• _What you should do_: Each entry must be given again exactly; images do not belong in the copy.

Saved entries
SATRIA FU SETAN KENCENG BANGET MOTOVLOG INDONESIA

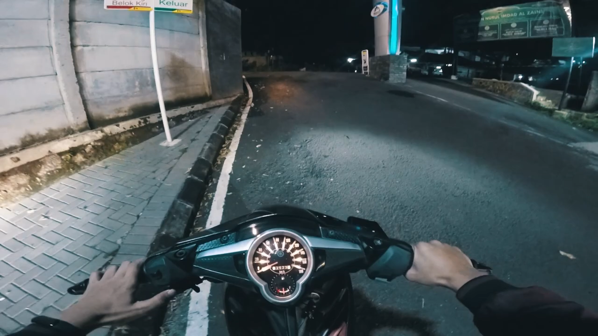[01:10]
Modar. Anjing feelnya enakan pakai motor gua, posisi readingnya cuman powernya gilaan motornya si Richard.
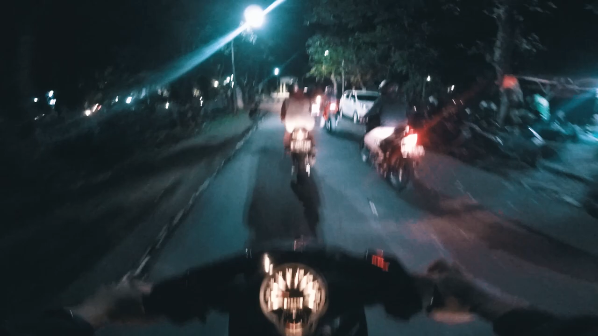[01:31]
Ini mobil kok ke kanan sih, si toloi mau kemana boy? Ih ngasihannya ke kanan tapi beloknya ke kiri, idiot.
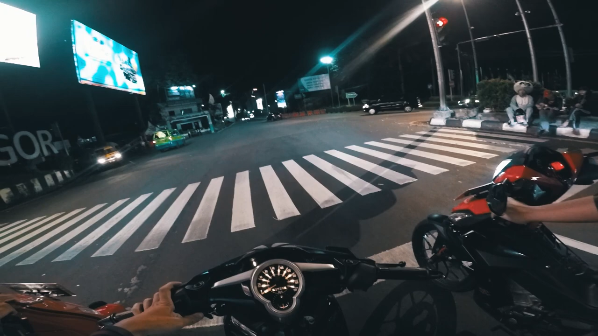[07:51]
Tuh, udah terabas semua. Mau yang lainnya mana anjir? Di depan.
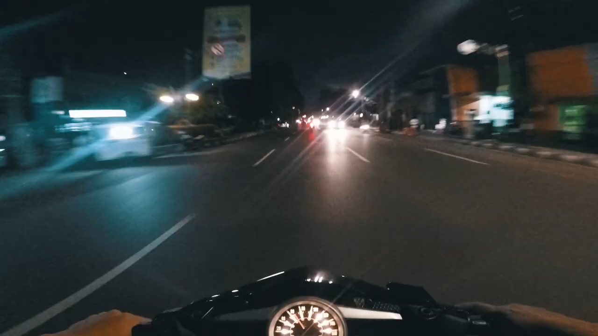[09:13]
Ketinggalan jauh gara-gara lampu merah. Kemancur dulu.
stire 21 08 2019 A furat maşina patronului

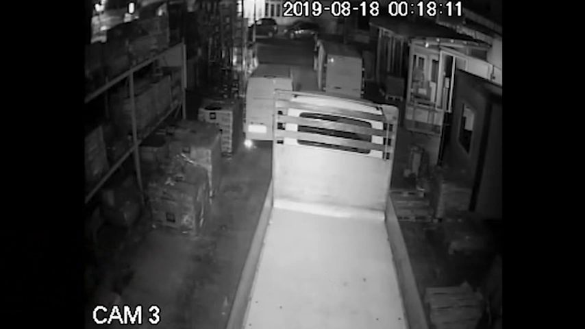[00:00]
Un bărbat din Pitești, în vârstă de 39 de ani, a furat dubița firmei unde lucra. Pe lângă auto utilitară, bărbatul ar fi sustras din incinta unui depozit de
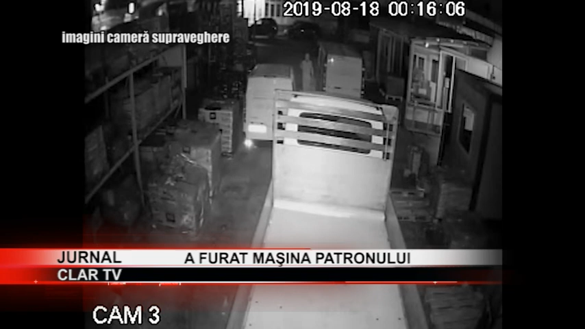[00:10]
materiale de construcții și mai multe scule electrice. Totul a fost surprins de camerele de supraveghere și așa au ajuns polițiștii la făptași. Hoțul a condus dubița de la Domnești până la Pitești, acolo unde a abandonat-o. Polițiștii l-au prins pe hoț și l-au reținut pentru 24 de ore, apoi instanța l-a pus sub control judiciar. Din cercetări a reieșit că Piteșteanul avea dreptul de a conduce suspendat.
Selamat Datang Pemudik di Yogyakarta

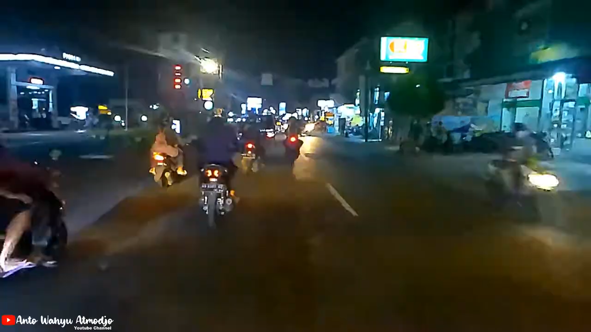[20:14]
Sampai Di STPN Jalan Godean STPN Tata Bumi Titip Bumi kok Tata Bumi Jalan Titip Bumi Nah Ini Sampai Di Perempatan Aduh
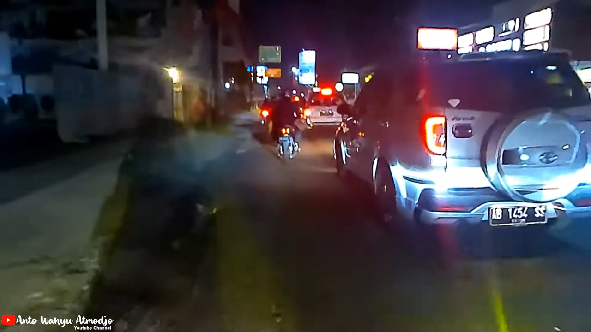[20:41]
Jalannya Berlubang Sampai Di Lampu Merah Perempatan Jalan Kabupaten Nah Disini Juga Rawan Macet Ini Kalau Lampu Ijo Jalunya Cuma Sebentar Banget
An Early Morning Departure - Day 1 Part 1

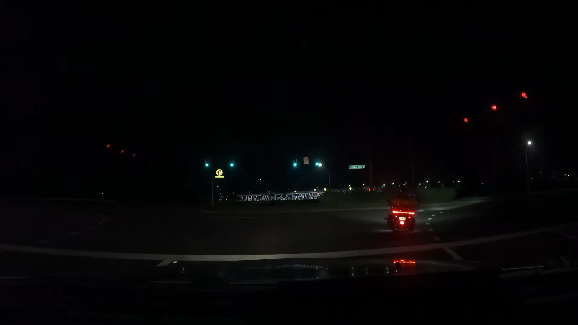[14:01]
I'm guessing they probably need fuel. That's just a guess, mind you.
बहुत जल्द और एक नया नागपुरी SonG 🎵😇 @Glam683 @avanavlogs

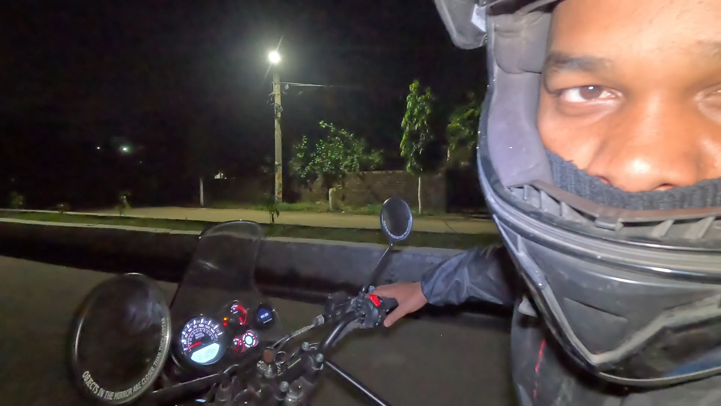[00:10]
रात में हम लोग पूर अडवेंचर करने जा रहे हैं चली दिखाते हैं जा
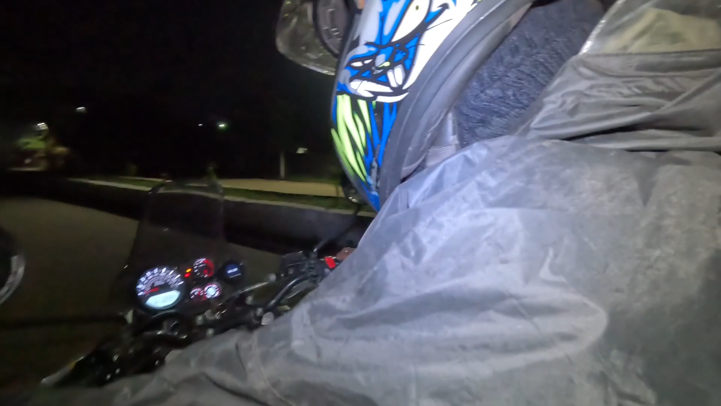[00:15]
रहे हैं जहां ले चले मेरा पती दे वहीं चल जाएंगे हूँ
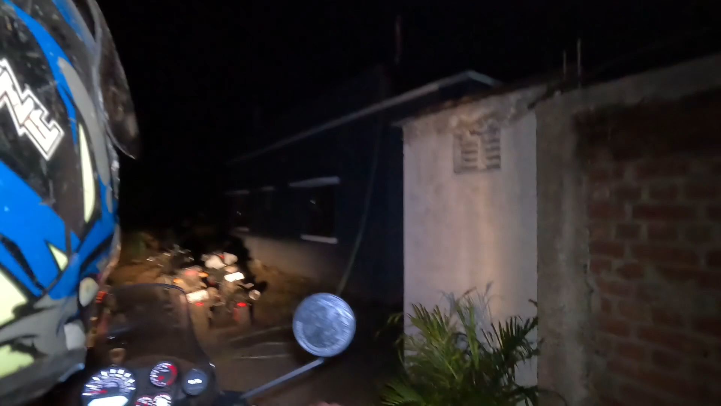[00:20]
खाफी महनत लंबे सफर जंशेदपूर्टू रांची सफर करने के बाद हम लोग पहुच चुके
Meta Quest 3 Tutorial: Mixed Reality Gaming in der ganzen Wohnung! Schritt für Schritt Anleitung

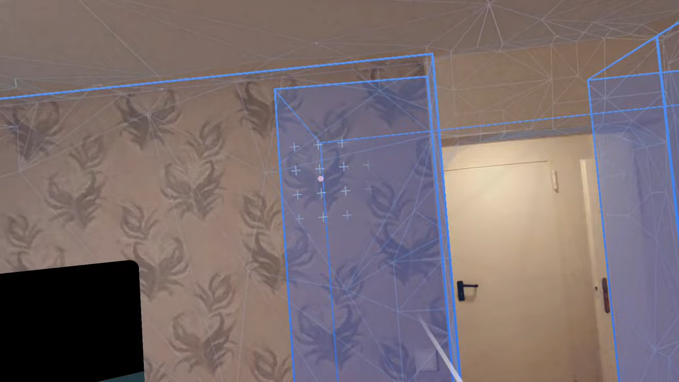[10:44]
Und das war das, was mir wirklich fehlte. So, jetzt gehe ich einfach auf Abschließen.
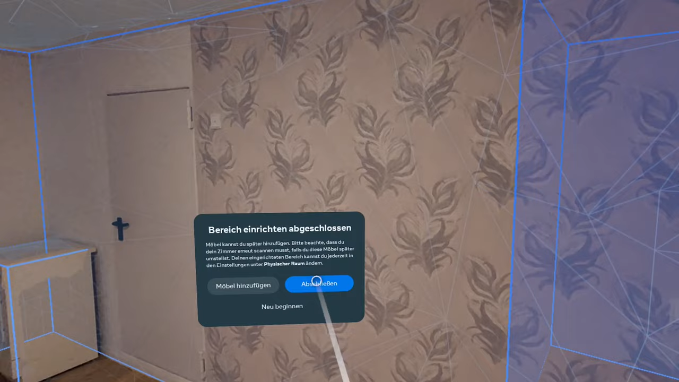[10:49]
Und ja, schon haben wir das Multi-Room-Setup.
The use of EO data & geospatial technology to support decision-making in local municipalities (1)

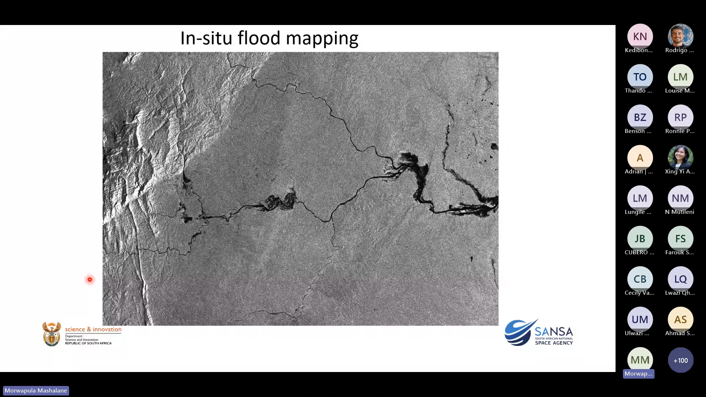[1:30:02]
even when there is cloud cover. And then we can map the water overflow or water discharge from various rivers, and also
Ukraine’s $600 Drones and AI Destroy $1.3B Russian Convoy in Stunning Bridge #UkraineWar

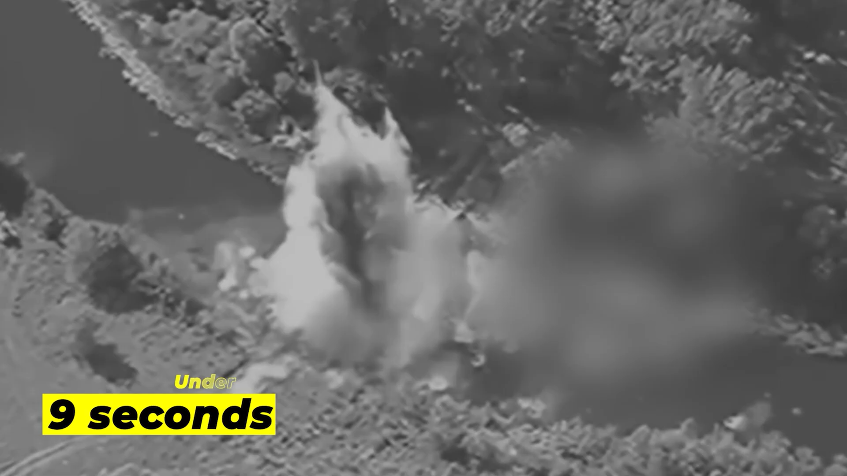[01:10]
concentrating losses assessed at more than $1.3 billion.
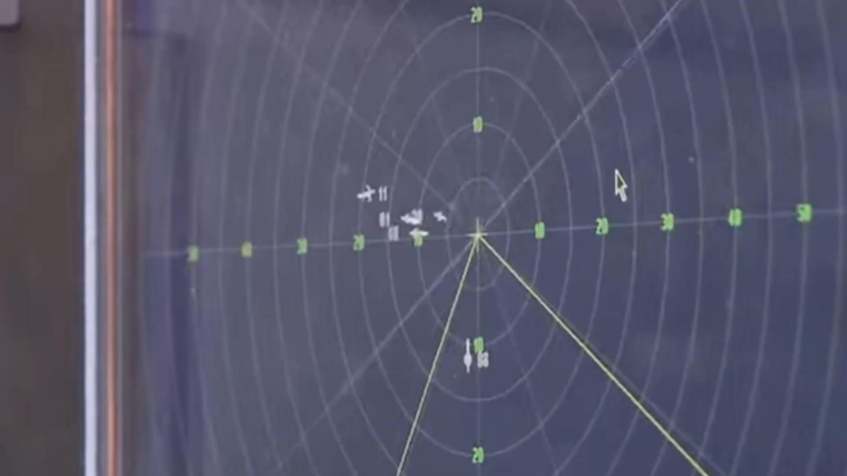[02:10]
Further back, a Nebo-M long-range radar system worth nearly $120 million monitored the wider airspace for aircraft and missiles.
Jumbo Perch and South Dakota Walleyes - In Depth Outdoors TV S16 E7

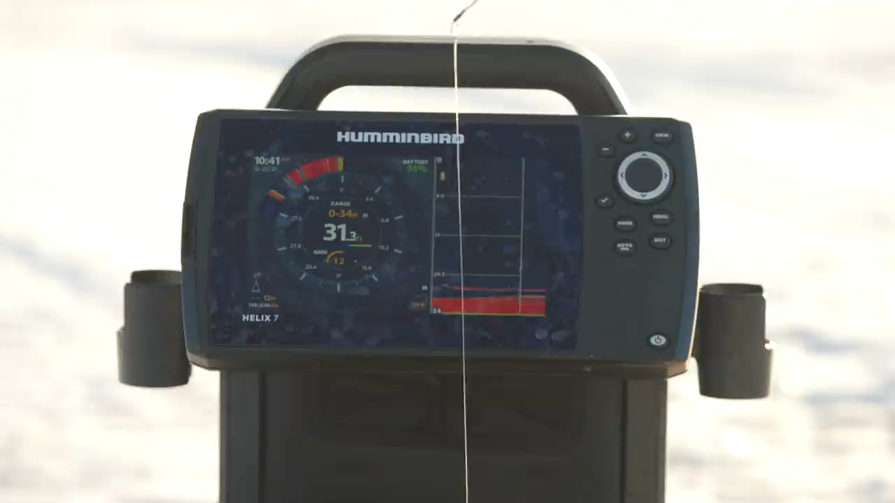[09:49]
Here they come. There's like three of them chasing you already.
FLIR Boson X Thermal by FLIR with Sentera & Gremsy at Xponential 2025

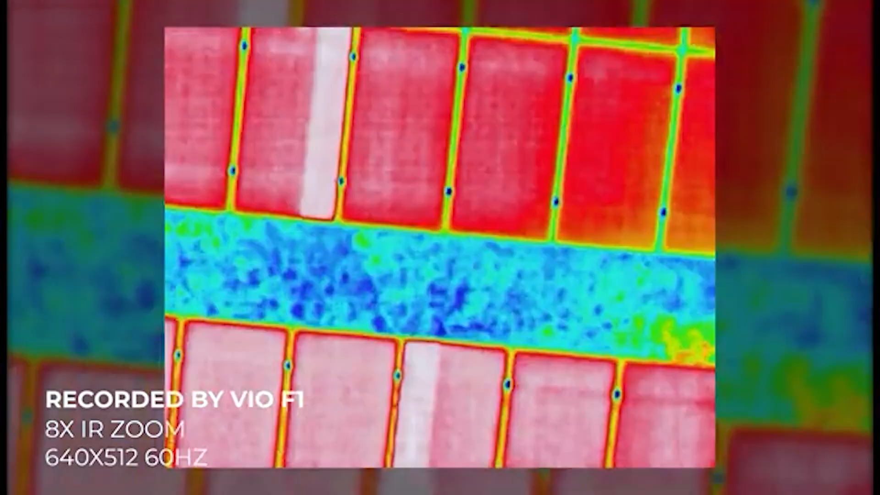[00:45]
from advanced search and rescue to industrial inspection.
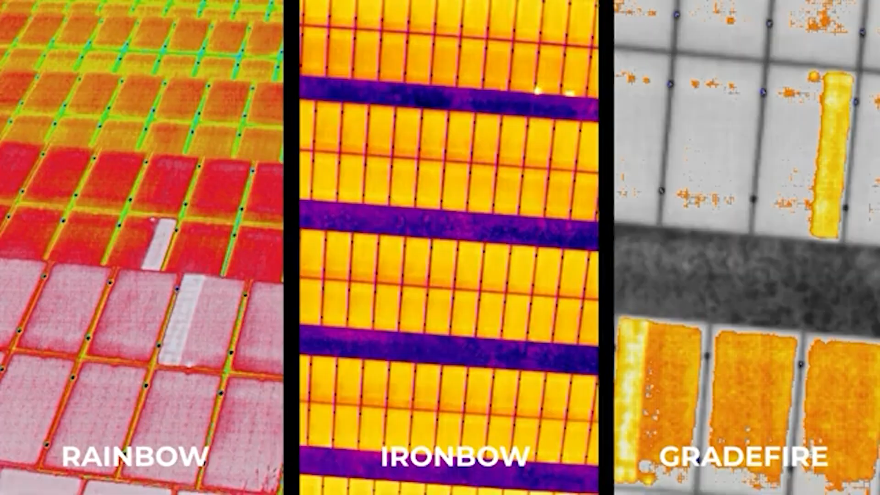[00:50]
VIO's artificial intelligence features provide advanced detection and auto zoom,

• _Your solution_:
SATRIA FU SETAN KENCENG BANGET MOTOVLOG INDONESIA

[01:10]
Modar. Anjing feelnya enakan pakai motor gua, posisi readingnya cuman powernya gilaan motornya si Richard.
[01:31]
Ini mobil kok ke kanan sih, si toloi mau kemana boy? Ih ngasihannya ke kanan tapi beloknya ke kiri, idiot.
[07:51]
Tuh, udah terabas semua. Mau yang lainnya mana anjir? Di depan.
[09:13]
Ketinggalan jauh gara-gara lampu merah. Kemancur dulu.
stire 21 08 2019 A furat maşina patronului

[00:00]
Un bărbat din Pitești, în vârstă de 39 de ani, a furat dubița firmei unde lucra. Pe lângă auto utilitară, bărbatul ar fi sustras din incinta unui depozit de
[00:10]
materiale de construcții și mai multe scule electrice. Totul a fost surprins de camerele de supraveghere și așa au ajuns polițiștii la făptași. Hoțul a condus dubița de la Domnești până la Pitești, acolo unde a abandonat-o. Polițiștii l-au prins pe hoț și l-au reținut pentru 24 de ore, apoi instanța l-a pus sub control judiciar. Din cercetări a reieșit că Piteșteanul avea dreptul de a conduce suspendat.
Selamat Datang Pemudik di Yogyakarta

[20:14]
Sampai Di STPN Jalan Godean STPN Tata Bumi Titip Bumi kok Tata Bumi Jalan Titip Bumi Nah Ini Sampai Di Perempatan Aduh
[20:41]
Jalannya Berlubang Sampai Di Lampu Merah Perempatan Jalan Kabupaten Nah Disini Juga Rawan Macet Ini Kalau Lampu Ijo Jalunya Cuma Sebentar Banget
An Early Morning Departure - Day 1 Part 1

[14:01]
I'm guessing they probably need fuel. That's just a guess, mind you.
बहुत जल्द और एक नया नागपुरी SonG 🎵😇 @Glam683 @avanavlogs

[00:10]
रात में हम लोग पूर अडवेंचर करने जा रहे हैं चली दिखाते हैं जा
[00:15]
रहे हैं जहां ले चले मेरा पती दे वहीं चल जाएंगे हूँ
[00:20]
खाफी महनत लंबे सफर जंशेदपूर्टू रांची सफर करने के बाद हम लोग पहुच चुके
Meta Quest 3 Tutorial: Mixed Reality Gaming in der ganzen Wohnung! Schritt für Schritt Anleitung

[10:44]
Und das war das, was mir wirklich fehlte. So, jetzt gehe ich einfach auf Abschließen.
[10:49]
Und ja, schon haben wir das Multi-Room-Setup.
The use of EO data & geospatial technology to support decision-making in local municipalities (1)

[1:30:02]
even when there is cloud cover. And then we can map the water overflow or water discharge from various rivers, and also
Ukraine’s $600 Drones and AI Destroy $1.3B Russian Convoy in Stunning Bridge #UkraineWar

[01:10]
concentrating losses assessed at more than $1.3 billion.
[02:10]
Further back, a Nebo-M long-range radar system worth nearly $120 million monitored the wider airspace for aircraft and missiles.
Jumbo Perch and South Dakota Walleyes - In Depth Outdoors TV S16 E7

[09:49]
Here they come. There's like three of them chasing you already.
FLIR Boson X Thermal by FLIR with Sentera & Gremsy at Xponential 2025

[00:45]
from advanced search and rescue to industrial inspection.
[00:50]
VIO's artificial intelligence features provide advanced detection and auto zoom,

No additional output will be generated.